Distribution of Electrostatic Potential in a Gas−Solid Fluidized Bed and Measurement of Bed Level

• Published in: Industrial & engineering chemistry research Vol. 47; no. 23; pp. 9517 - 9526
• Main Authors: Fang, Wang, Jingdai, Wang, Yongrong, Yang
• Format: Journal Article
• Language: English
• Published: Washington, DC American Chemical Society 03.12.2008
• Subjects: Applied sciences; Chemical engineering; Exact sciences and technology; Fluidization; Process Design and Control; Gas solid; Fluidization; Electrostatic potential; Fluidized bed
• ISSN: 0888-5885; 1520-5045
• DOI: 10.1021/ie800805t

A theory on the electrostatic charge distribution in gas−solid fluidized beds was proposed. It consists of an interpretation of the causes of bipolar charging, the charging mechanisms in the fluidized bed, and the relationship between charge distribution and particle-size distribution in fluidized beds.
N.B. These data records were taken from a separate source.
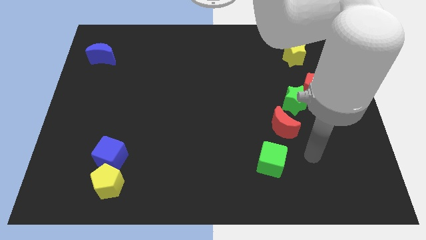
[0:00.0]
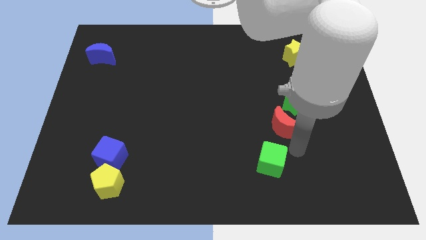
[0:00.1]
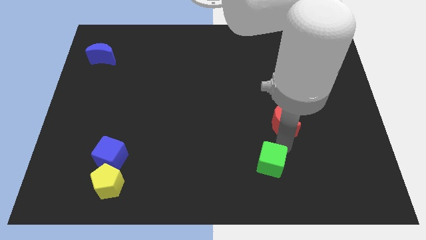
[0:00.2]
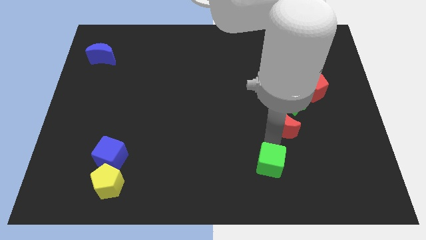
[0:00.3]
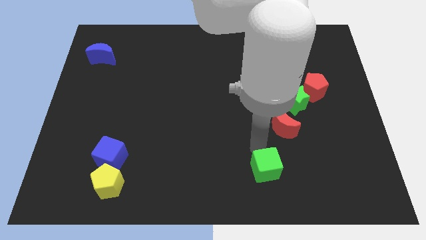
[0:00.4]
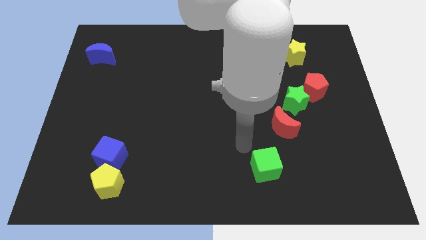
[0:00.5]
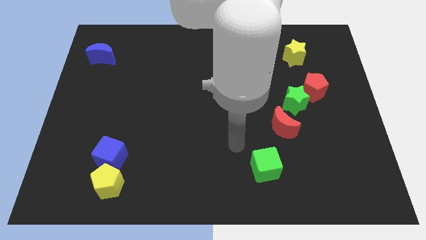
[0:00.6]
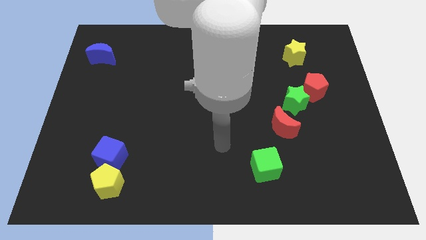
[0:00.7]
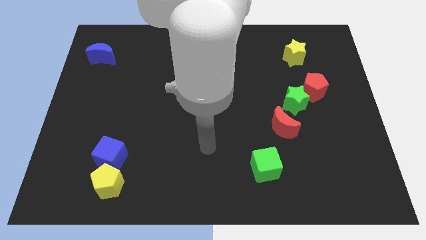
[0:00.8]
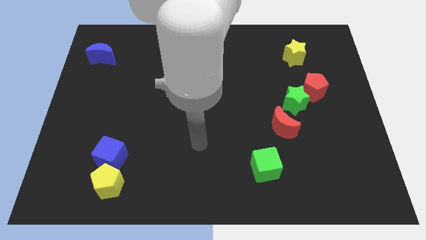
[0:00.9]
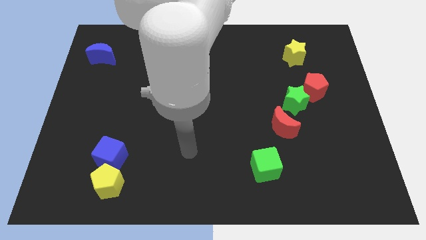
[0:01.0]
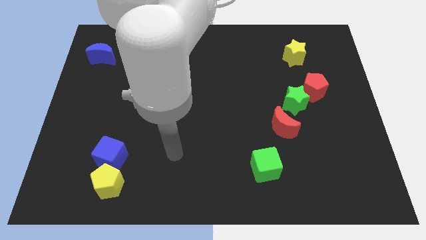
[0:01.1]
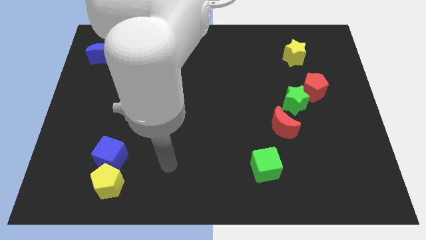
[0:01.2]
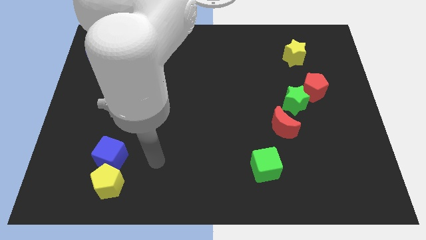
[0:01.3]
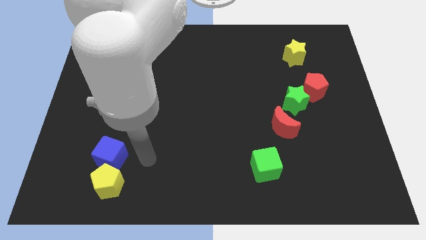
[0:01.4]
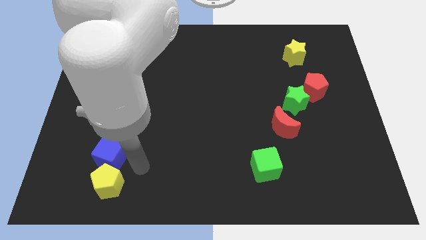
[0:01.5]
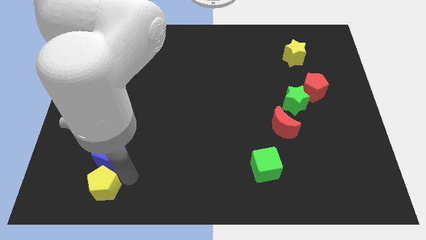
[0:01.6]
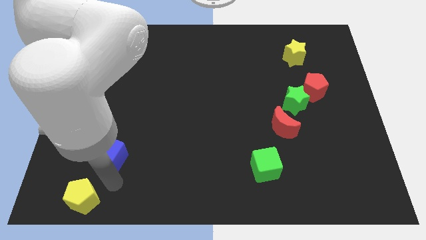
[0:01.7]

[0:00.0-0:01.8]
pull the blue cube apart from the yellow pentagon

Experiments were performed in a three-dimensional column gas−solid fluidized bed to measure the electrostatic charge distribution. It was found that the electric field inside the bed was nonuniform. If there was a distinct interface between the dilute and dense phases, the voltage polarity would reverse near the bed level, resulting in a Z-shaped axial profile of potential. The heights where voltage polarity reversal happened rose with the increase of gas velocity and static bed height. It was also found that the electrostatic voltage rose with increasing radial distances from the axis of the column. To sum up, the voltage at any axial cross section of the bed showed double saddles, with bed level as the interface. Accordingly, three special zones to be emphasized were identified: distributor, stagnant, and bed level zones, of which the latter two have high voltages and are more readily disturbed by particle/wall adhesion and even wall sheets. Based on the characteristics of axial profile of electrostatic potential in the fluidized bed, a new technique that could successfully predict bed level was developed. Good agreement was observed between visual measurements of bed level and predictions by the electrostatic method, with maximum relative error of 4.08% and mean relative error of 2.02%.